Commanders and leaders
- Jean-Louis Le Loutre Louis de La Corne Louis Le Neuf de la Valiere Joseph Broussard (Beausoliel) Chief Étienne Bâtard Father Charles Germain: Charles Lawrence John Gorham Captain John Rous Silvanus Cobb Horatio Gates Captain William Clapham Colonel Peregrine Lascelles John Salusbury Hugh Warburton Joseph Gorham Joshua Winslow John Brewse (wounded) Captain William Rickson Francis Bartelo † Henry Grace (POW)

Strength
- 300 Mi'kmaq and Acadian militia: 700 British regulars and New England Rangers

Casualties and losses
- 7-8 Mi'kmaq: 20 killed; 3 killed, 12 missing

= Battle at Chignecto =

1750 battle

The Battle at Chignecto happened during Father Le Loutre's War when Charles Lawrence, in command of the 45th Regiment of Foot (Hugh Warburton's regiment) and the 47th Regiment (Peregrine Lascelles' regiment), John Gorham in command of the Rangers and Captain John Rous in command of the navy, fought against the French monarchists at Chignecto. This battle was the first attempt by the British to occupy the head of the Bay of Fundy since the disastrous Battle of Grand Pré three years earlier. They fought against a militia made up of Mi'kmaq and Acadians led by Jean-Louis Le Loutre and Joseph Broussard (Beausoliel). The battle happened at Isthmus of Chignecto, Nova Scotia on 3 September 1750.

==Background==

Despite the British conquest of Acadia in 1710, Nova Scotia remained primarily occupied by Catholic Acadians and Mi'kmaq. By the time Cornwallis had arrived in Halifax, there was a long history of the Wabanaki Confederacy (which included the Mi'kmaq) launching raids on British colonial settlements along the New England/ Acadia border in Maine (See the Northeast Coast Campaigns 1688, 1703, 1723, 1724, 1745, 1746, 1747).

To prevent the establishment of British colonial settlements in the region, Mi'kmaq launched raids on present-day Shelburne (1715) and Canso (1720).
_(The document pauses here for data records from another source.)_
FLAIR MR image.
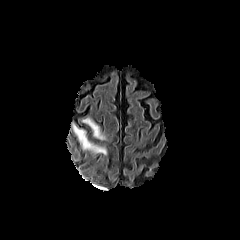
T1-weighted MR image.
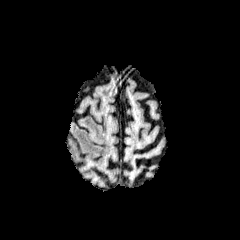
Post-contrast T1-weighted MR image.
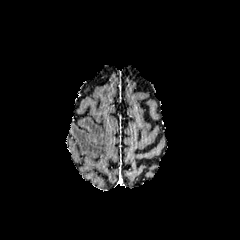
T2-weighted magnetic resonance.
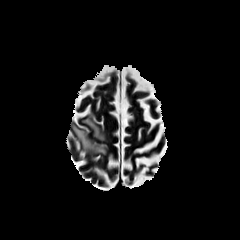
<segmentation>
  <edema>(x1=82, y1=116, x2=105, y2=139), (x1=72, y1=122, x2=107, y2=154)</edema>
</segmentation>

A generation later, Father Le Loutre's War began when Edward Cornwallis arrived to establish Halifax with 13 transports on June 21, 1749.

Within 18 months of establishing Halifax, the British also took firm control of peninsula Nova Scotia by building fortifications in all the major Acadian communities: present-day Windsor (Fort Edward); Grand Pre (Fort Vieux Logis) and Chignecto (Fort Lawrence). (A British fort already existed at the other major Acadian centre of Annapolis Royal, Nova Scotia. Cobequid remained without a fort.) After the raid in Dartmouth in 1749, on October 2, 1749, Cornwallis created an extirpation proclamation to stop the raids. The Siege of Grand Pre was the first recorded conflict in the region after the raid on Dartmouth.

==Battle==

On 23 April, Lawrence was unsuccessful in getting a base at Chignecto because Le Loutre led 70 Mi'kmaq and 30 Acadians in burning the village of Beaubassin, preventing Lawrence from using its supplies to establish a fort. (According to the historian Frank Patterson, the Acadians at Cobequid also burned their homes as they retreated from the British to Tatamagouche, Nova Scotia in 1754.) Lawrence retreated, but he returned in September 1750.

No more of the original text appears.